[Start of Attachment]

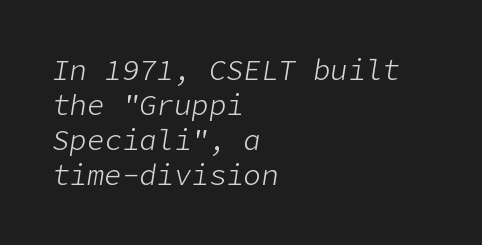
The image shows 29 px light type, italic (leaning right); set left-aligned, line spacing 1.21x, normal letter spacing, not underlined; low stroke contrast and a medium x-height.
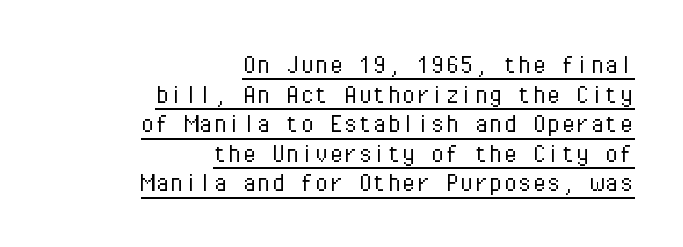
Q: Is the text bold? A: No.
Q: Is the text italic (slanted)? A: No, it is upright.
Q: Is the typeface a serif or a sans-serif typeface? A: Sans-serif.
Q: Is the text underlined? A: Yes.
Q: How is the paragraph aligned? A: Right-aligned.
Q: Is the spacing between letters normal or unusually wide? A: Normal.
Q: Is the spacing between lines tight, normal or loose? A: Tight.
Q: Width (condensed, normal, or wide)? A: Normal.
Q: Stroke contrast? A: Low.
Q: x-height? A: Medium.
Q: Monospaced? A: Yes.
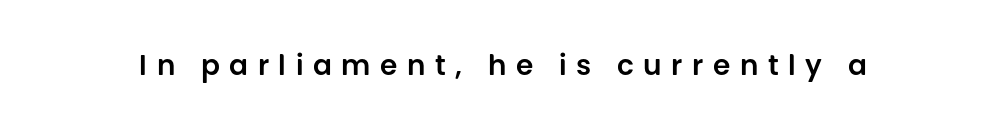
The image shows 28 px sans-serif type, upright; set unusually wide letter spacing (+0.34 em), not underlined; low stroke contrast and a large x-height.
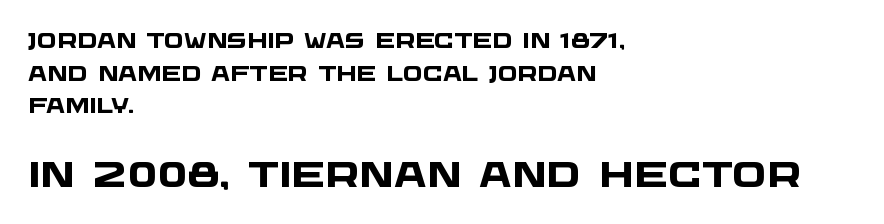
{"serif": "no", "bold": "yes", "weight": "heavy", "width": "wide", "stroke_contrast": "low", "x_height": "large", "monospaced": "no", "underline": "no", "align": "left", "line_spacing": "normal", "line_spacing_ratio": 1.55, "letter_spacing": "normal", "letter_spacing_em": 0.0, "larger_block": "second", "size_ratio": 1.71, "glyph_px": 36}
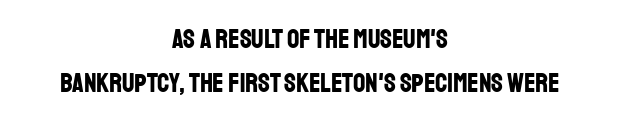
The passage is arranged like a title page — every line centered. Descenders are the only things crossing below the line. Thick stems and heavy bowls — unmistakably bold. Rendered with straight, roman letterforms. Letter spacing: default.
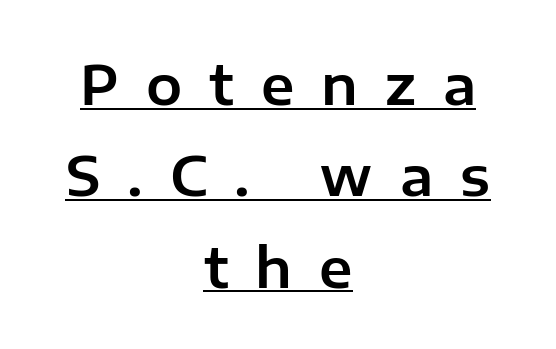
Q: Is the text italic (slanted)? A: No, it is upright.
Q: Is the typeface a serif or a sans-serif typeface? A: Sans-serif.
Q: Is the text underlined? A: Yes.
Q: How is the paragraph aligned? A: Centered.
Q: Is the spacing between letters normal or unusually wide? A: Unusually wide.
Q: Is the spacing between lines tight, normal or loose? A: Normal.
Q: Width (condensed, normal, or wide)? A: Normal.
Q: Stroke contrast? A: Low.
Q: x-height? A: Medium.
Q: Monospaced? A: No.
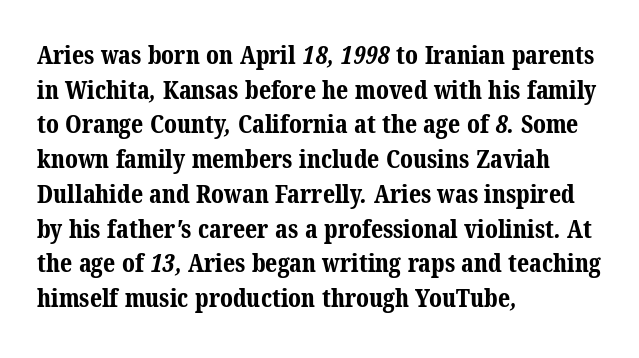
Q: Is the text bold? A: Yes.
Q: Is the text underlined? A: No.
Q: How is the paragraph aligned? A: Left-aligned.
Q: Is the spacing between letters normal or unusually wide? A: Normal.
Q: Is the spacing between lines tight, normal or loose? A: Normal.
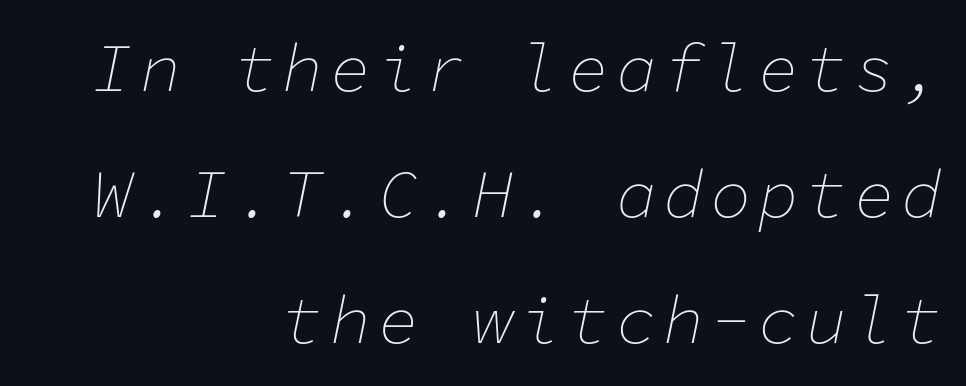
A typesetter would call this monospace, since all characters share one set width. Designer's note — italics engaged. The paragraph has a hard right edge and a soft left edge. The space beneath each line is pristine and unruled. Heft: none added — not bold.
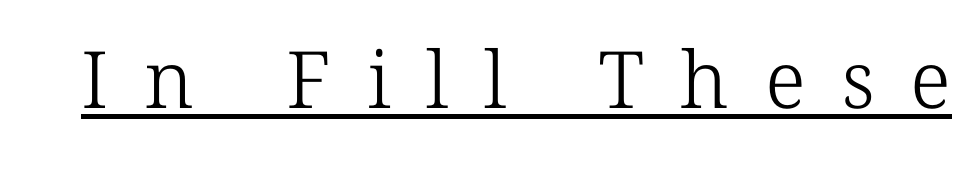
The image shows 79 px light serif type; set unusually wide letter spacing (+0.45 em), underlined; low stroke contrast and a medium x-height.
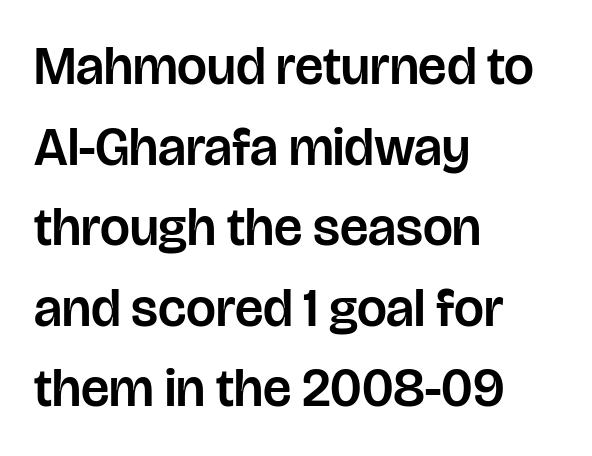
Q: Is the text italic (slanted)? A: No, it is upright.
Q: Is the typeface a serif or a sans-serif typeface? A: Sans-serif.
Q: Is the text underlined? A: No.
Q: How is the paragraph aligned? A: Left-aligned.
Q: Is the spacing between letters normal or unusually wide? A: Normal.
Q: Is the spacing between lines tight, normal or loose? A: Normal.
Q: Width (condensed, normal, or wide)? A: Normal.
Q: Stroke contrast? A: Low.
Q: x-height? A: Large.
Q: Monospaced? A: No.
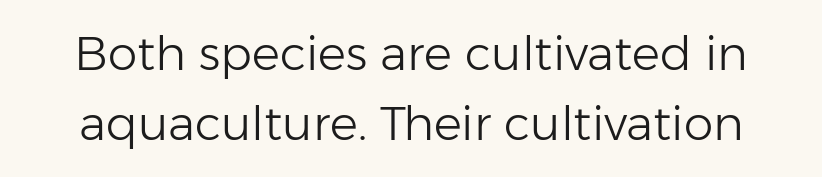
Style check: upright. Check the space under the baseline: it is left empty. The block of text has a typical density, with ordinary space between rows. The face used here is a sans, in the tradition of grotesques and geometrics.
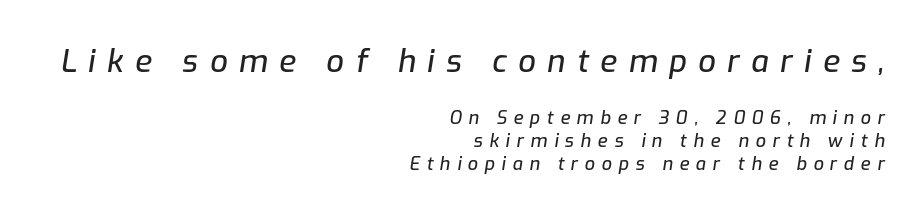
Q: Is the text italic (slanted)? A: Yes, it leans right by about 9 degrees.
Q: Is the text underlined? A: No.
Q: How is the paragraph aligned? A: Right-aligned.
Q: Is the spacing between letters normal or unusually wide? A: Unusually wide.
Q: Is the spacing between lines tight, normal or loose? A: Normal.
Q: Which block of text is set in a larger size, the first (top) or the second (bottom)? A: The first (top) one.
Q: Width (condensed, normal, or wide)? A: Normal.
Q: Stroke contrast? A: Low.
Q: x-height? A: Medium.
Q: Monospaced? A: No.
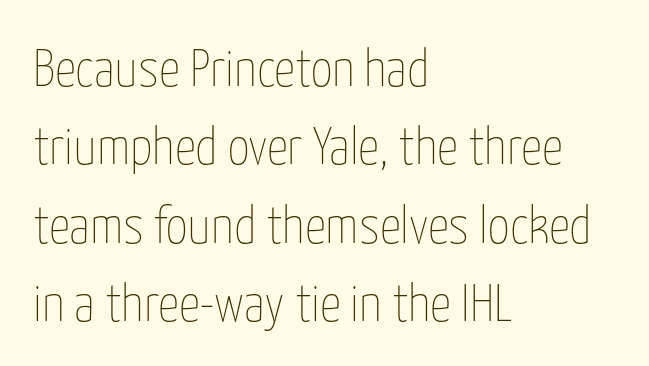
A roman cut, with each character standing at attention. The passage is arranged the way most books set body copy — flush left. Any mark beneath the type? The region is blank. Short note: letters normally spaced. Heft: none added — not bold. Spacing verdict: proportional, widths tailored to each character.
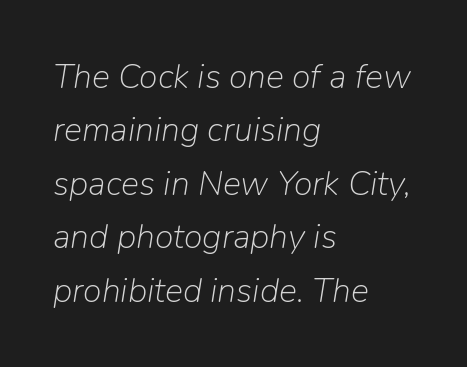
{"italic": "yes", "lean": "right", "slant_degrees": 9, "bold": "no", "weight": "light", "width": "normal", "stroke_contrast": "low", "x_height": "medium", "monospaced": "no", "underline": "no", "align": "left", "line_spacing": "normal", "line_spacing_ratio": 1.57, "letter_spacing": "normal", "letter_spacing_em": 0.0, "glyph_px": 34}
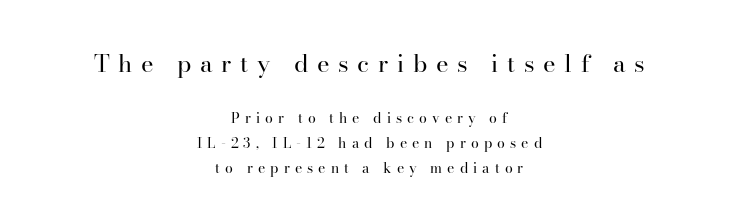
Lines of text with bare space underneath. There is plenty of visible air inserted between adjacent glyphs. The rendering shrinks the type as you move from the upper chunk to the lower. If you drew a line through each stem, it would be perfectly vertical. One-word summary of the alignment: center. Letters have the restrained weight of plain body copy at most.
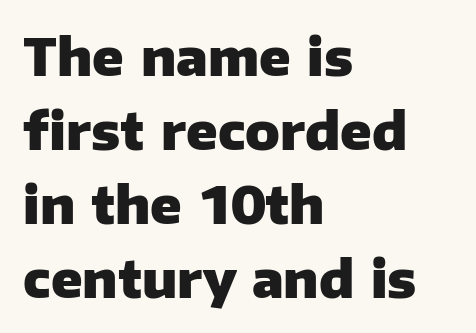
Q: Is the text bold? A: Yes.
Q: Is the text italic (slanted)? A: No, it is upright.
Q: Is the typeface a serif or a sans-serif typeface? A: Sans-serif.
Q: Is the text underlined? A: No.
Q: How is the paragraph aligned? A: Left-aligned.
Q: Is the spacing between letters normal or unusually wide? A: Normal.
Q: Is the spacing between lines tight, normal or loose? A: Normal.
Q: Width (condensed, normal, or wide)? A: Normal.
Q: Stroke contrast? A: Low.
Q: x-height? A: Medium.
Q: Monospaced? A: No.
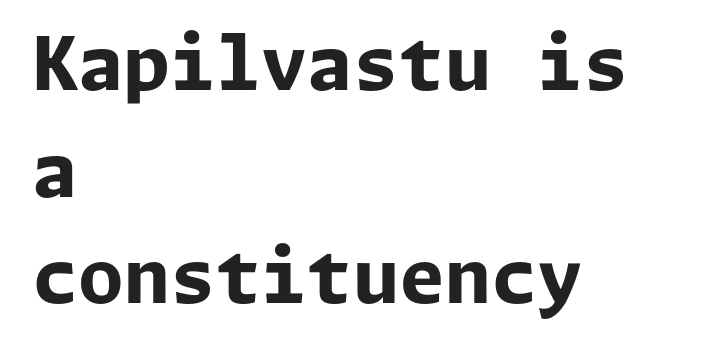
Q: Is the text bold? A: Yes.
Q: Is the text italic (slanted)? A: No, it is upright.
Q: Is the typeface a serif or a sans-serif typeface? A: Sans-serif.
Q: Is the text underlined? A: No.
Q: How is the paragraph aligned? A: Left-aligned.
Q: Is the spacing between letters normal or unusually wide? A: Normal.
Q: Is the spacing between lines tight, normal or loose? A: Normal.
Q: Width (condensed, normal, or wide)? A: Normal.
Q: Stroke contrast? A: Low.
Q: x-height? A: Medium.

[End of Attachment]

EXERCISE BRIEF:
Could you please repeat the entries above exactly, with every picture left out?

EXPECTED ANSWER:
The image shows 29 px light type, italic (leaning right); set left-aligned, line spacing 1.21x, normal letter spacing, not underlined; low stroke contrast and a medium x-height.
Q: Is the text bold? A: No.
Q: Is the text italic (slanted)? A: No, it is upright.
Q: Is the typeface a serif or a sans-serif typeface? A: Sans-serif.
Q: Is the text underlined? A: Yes.
Q: How is the paragraph aligned? A: Right-aligned.
Q: Is the spacing between letters normal or unusually wide? A: Normal.
Q: Is the spacing between lines tight, normal or loose? A: Tight.
Q: Width (condensed, normal, or wide)? A: Normal.
Q: Stroke contrast? A: Low.
Q: x-height? A: Medium.
Q: Monospaced? A: Yes.
The image shows 28 px sans-serif type, upright; set unusually wide letter spacing (+0.34 em), not underlined; low stroke contrast and a large x-height.
{"serif": "no", "bold": "yes", "weight": "heavy", "width": "wide", "stroke_contrast": "low", "x_height": "large", "monospaced": "no", "underline": "no", "align": "left", "line_spacing": "normal", "line_spacing_ratio": 1.55, "letter_spacing": "normal", "letter_spacing_em": 0.0, "larger_block": "second", "size_ratio": 1.71, "glyph_px": 36}
The passage is arranged like a title page — every line centered. Descenders are the only things crossing below the line. Thick stems and heavy bowls — unmistakably bold. Rendered with straight, roman letterforms. Letter spacing: default.
Q: Is the text italic (slanted)? A: No, it is upright.
Q: Is the typeface a serif or a sans-serif typeface? A: Sans-serif.
Q: Is the text underlined? A: Yes.
Q: How is the paragraph aligned? A: Centered.
Q: Is the spacing between letters normal or unusually wide? A: Unusually wide.
Q: Is the spacing between lines tight, normal or loose? A: Normal.
Q: Width (condensed, normal, or wide)? A: Normal.
Q: Stroke contrast? A: Low.
Q: x-height? A: Medium.
Q: Monospaced? A: No.
Q: Is the text bold? A: Yes.
Q: Is the text underlined? A: No.
Q: How is the paragraph aligned? A: Left-aligned.
Q: Is the spacing between letters normal or unusually wide? A: Normal.
Q: Is the spacing between lines tight, normal or loose? A: Normal.
A typesetter would call this monospace, since all characters share one set width. Designer's note — italics engaged. The paragraph has a hard right edge and a soft left edge. The space beneath each line is pristine and unruled. Heft: none added — not bold.
The image shows 79 px light serif type; set unusually wide letter spacing (+0.45 em), underlined; low stroke contrast and a medium x-height.
Q: Is the text italic (slanted)? A: No, it is upright.
Q: Is the typeface a serif or a sans-serif typeface? A: Sans-serif.
Q: Is the text underlined? A: No.
Q: How is the paragraph aligned? A: Left-aligned.
Q: Is the spacing between letters normal or unusually wide? A: Normal.
Q: Is the spacing between lines tight, normal or loose? A: Normal.
Q: Width (condensed, normal, or wide)? A: Normal.
Q: Stroke contrast? A: Low.
Q: x-height? A: Large.
Q: Monospaced? A: No.
Style check: upright. Check the space under the baseline: it is left empty. The block of text has a typical density, with ordinary space between rows. The face used here is a sans, in the tradition of grotesques and geometrics.
Q: Is the text italic (slanted)? A: Yes, it leans right by about 9 degrees.
Q: Is the text underlined? A: No.
Q: How is the paragraph aligned? A: Right-aligned.
Q: Is the spacing between letters normal or unusually wide? A: Unusually wide.
Q: Is the spacing between lines tight, normal or loose? A: Normal.
Q: Which block of text is set in a larger size, the first (top) or the second (bottom)? A: The first (top) one.
Q: Width (condensed, normal, or wide)? A: Normal.
Q: Stroke contrast? A: Low.
Q: x-height? A: Medium.
Q: Monospaced? A: No.
A roman cut, with each character standing at attention. The passage is arranged the way most books set body copy — flush left. Any mark beneath the type? The region is blank. Short note: letters normally spaced. Heft: none added — not bold. Spacing verdict: proportional, widths tailored to each character.
{"italic": "yes", "lean": "right", "slant_degrees": 9, "bold": "no", "weight": "light", "width": "normal", "stroke_contrast": "low", "x_height": "medium", "monospaced": "no", "underline": "no", "align": "left", "line_spacing": "normal", "line_spacing_ratio": 1.57, "letter_spacing": "normal", "letter_spacing_em": 0.0, "glyph_px": 34}
Lines of text with bare space underneath. There is plenty of visible air inserted between adjacent glyphs. The rendering shrinks the type as you move from the upper chunk to the lower. If you drew a line through each stem, it would be perfectly vertical. One-word summary of the alignment: center. Letters have the restrained weight of plain body copy at most.
Q: Is the text bold? A: Yes.
Q: Is the text italic (slanted)? A: No, it is upright.
Q: Is the typeface a serif or a sans-serif typeface? A: Sans-serif.
Q: Is the text underlined? A: No.
Q: How is the paragraph aligned? A: Left-aligned.
Q: Is the spacing between letters normal or unusually wide? A: Normal.
Q: Is the spacing between lines tight, normal or loose? A: Normal.
Q: Width (condensed, normal, or wide)? A: Normal.
Q: Stroke contrast? A: Low.
Q: x-height? A: Medium.
Q: Monospaced? A: No.
Q: Is the text bold? A: Yes.
Q: Is the text italic (slanted)? A: No, it is upright.
Q: Is the typeface a serif or a sans-serif typeface? A: Sans-serif.
Q: Is the text underlined? A: No.
Q: How is the paragraph aligned? A: Left-aligned.
Q: Is the spacing between letters normal or unusually wide? A: Normal.
Q: Is the spacing between lines tight, normal or loose? A: Normal.
Q: Width (condensed, normal, or wide)? A: Normal.
Q: Stroke contrast? A: Low.
Q: x-height? A: Medium.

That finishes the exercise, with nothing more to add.